Say you want to type something in Japanese in TextEdit, but keep your French keymap for Safari or iTunes: it was already possible to do that in Leopard, but apparently, you can now do that for different documents, instead of applications, in Snow Leopard. Don't really know if it's really useful though...

garoo, il y a 5 ans :

That's... the way I understood what was written, but I assumed it couldn't be right. I can't see on Leopard where you'd use a different keyboard for a different app (other than manually switching through the input menu).

rahina, il y a 5 ans :

Don't worry you can actually customise the date format: it is adjusted from Formats-tab of Language&Text. And some 3rd pt apps (probably ones using textedit's engine) already support substitutions.
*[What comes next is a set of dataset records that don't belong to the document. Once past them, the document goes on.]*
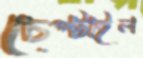
চেপ্‌টাইল
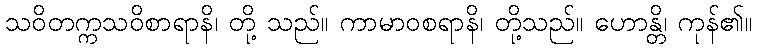
သဝိတက္ကသဝိစာရာနိ၊ တို့ သည်။ ကာမာဝစရာနိ၊ တို့သည်။ ဟောန္တိ၊ ကုန်၏။
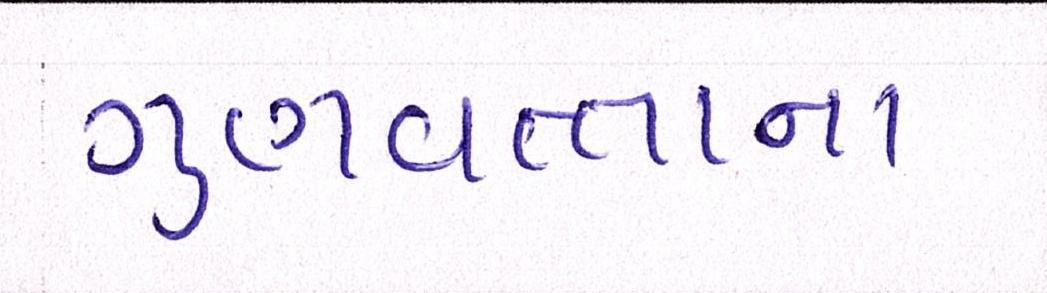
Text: ગુણવત્તાના
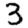
Digit: 3
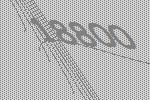
18800
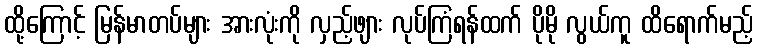
ထို့ကြောင့် မြန်မာတပ်များ အားလုံးကို လှည့်ဖျား လုပ်ကြံရန်ထက် ပိုမို လွယ်ကူ ထိရောက်မည့်
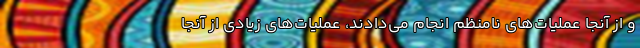
و از آنجا عملیات‌های نامنظم انجام می‌دادند، عملیات‌های زیادی از آنجا
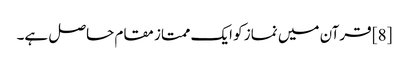
[8] قرآن میں نماز کو ایک ممتاز مقام حاصل ہے۔
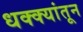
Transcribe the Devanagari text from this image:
धक्क्यांतून
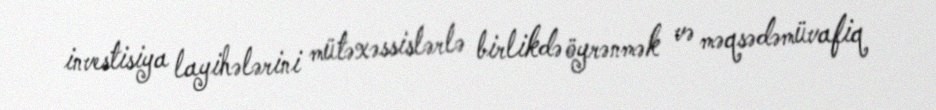
investisiya layihələrini mütəxəssislərlə birlikdə öyrənmək və məqsədəmüvafiq
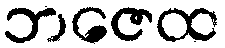
ဘဇေထ
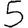
Digit: 5
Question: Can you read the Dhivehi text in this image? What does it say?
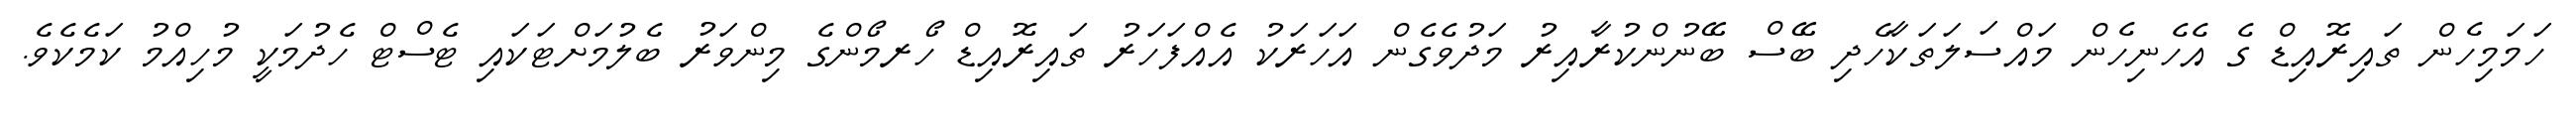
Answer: ހަމަމިހެން ތައިރޮއިޑް ގެ އެހެނިހެން މައްސަލަތަކާހެދި ބޭސް ބޭނުންކުރާއިރު މަދުވެގެން އަހަރަކު އެއްފަހަރު ތައިރޮއިޑް ހޯރމޯންގެ މިންވަރު ބެލުމަށްޓަކައި ޓެސްޓް ހެދުމަކީ މުހިއްމު ކަމެކެވެ.
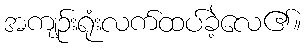
အကျဉ်းရုံးလက်ထပ်ခဲ့လေ၏။
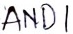
Text: AND1
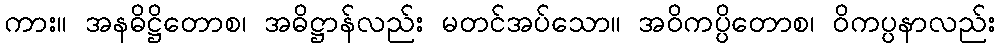
ကား။ အနဓိဋ္ဌိတောစ၊ အဓိဋ္ဌာန်လည်း မတင်အပ်သော။ အဝိကပ္ပိတောစ၊ ဝိကပ္ပနာလည်း
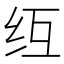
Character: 𫄚
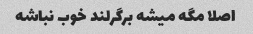
اصلا مگه میشه برگرلند خوب نباشه
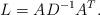
LaTeX: \begin{align*}L=A D^{-1} A^T. \end{align*}
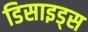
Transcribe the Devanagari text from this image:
डिसाइड्स
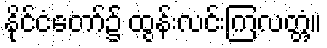
နိုင်ငံတော်၌ ထွန်းလင်းကြလတ္တံ့။
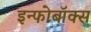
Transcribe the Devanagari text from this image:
इन्फोबॉक्स
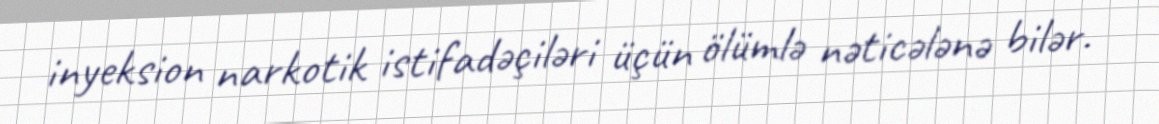
inyeksion narkotik istifadəçiləri üçün ölümlə nəticələnə bilər.
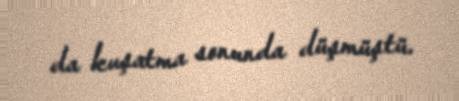
da kuşatma sonunda düşmüştü.
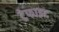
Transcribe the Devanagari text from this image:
ट्रेफाइट
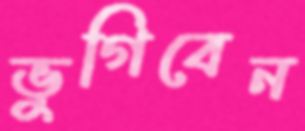
ভুগিবেন
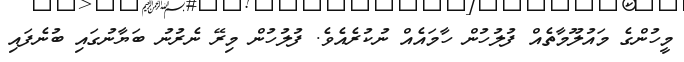
މީހުންގެ މައުލޫމާތެއް ފުލުހުން ހާމައެއް ނުކުރެއެވެ. ފުލުހުން މިރޭ ނެރުނު ބަޔާނުގައި ބުނެފައި
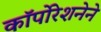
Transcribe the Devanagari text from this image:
कॉर्पोरेशनेने
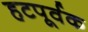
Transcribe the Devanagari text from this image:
हटपूर्वक
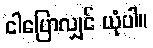
ငါပြောလျှင် ယုံပါ။
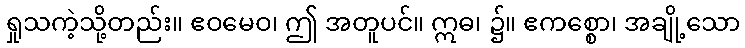
ရှုသကဲ့သို့တည်း။ ဧဝမေဝ၊ ဤ အတူပင်။ ဣဓ၊ ၌။ ဧကစ္စော၊ အချို့သော
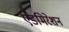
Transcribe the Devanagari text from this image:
एडमिरेशन
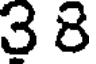
3 8
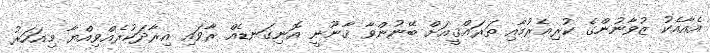
އެއާއެކު ޒުވާނުންގެ ކުރިއެރުމާއި ތަރައްޤީއަށް ބޭނުންވާ ޤާނޫނީ އޮނިގަނޑެއް ރާވައި އިރާދަކުރެއްވިއްޔާ މިއަހަރު
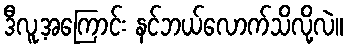
ဒီလူ့အကြောင်း နင်ဘယ်လောက်သိလို့လဲ။
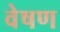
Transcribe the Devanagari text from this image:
वेषण
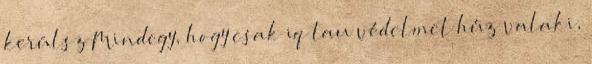
kerülsz Mindegy, hogy csak iq tau védelmet húz valaki,
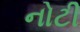
નોટી
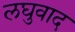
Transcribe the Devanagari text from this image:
लघुवाद
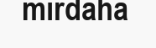
mirdaha
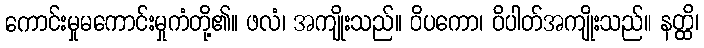
ကောင်းမှုမကောင်းမှုကံတို့၏။ ဖလံ၊ အကျိုးသည်။ ဝိပကော၊ ဝိပါတ်အကျိုးသည်။ နတ္ထိ၊
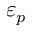
\varepsilon _ { p }

Though I'm not giving up TextExpander yet; substitutions don't support line brakes, but hopefully in the future.

garoo, il y a 5 ans :

As for customizing the date format, that's almost as much of a hack as when people changed the time format so that it would display the date in the menu bar of older versions: if you change the "short date" format, it will have ripple effects far beyond the menu bar. (It's particularly likely to break some apps' layouts if you set it to display a very long date string.)

According to one of the articles, you can enter line-breaks by pressing Alt-Enter, if I remember correctly (or pasting an existing multiline string into the preferences pane). What you're saying about compatibility makes more sense — I'd forgotten that there are many apps that don't actually use the standard rich-text engine. So in that case it becomes very cool that there's an API those apps can hook into.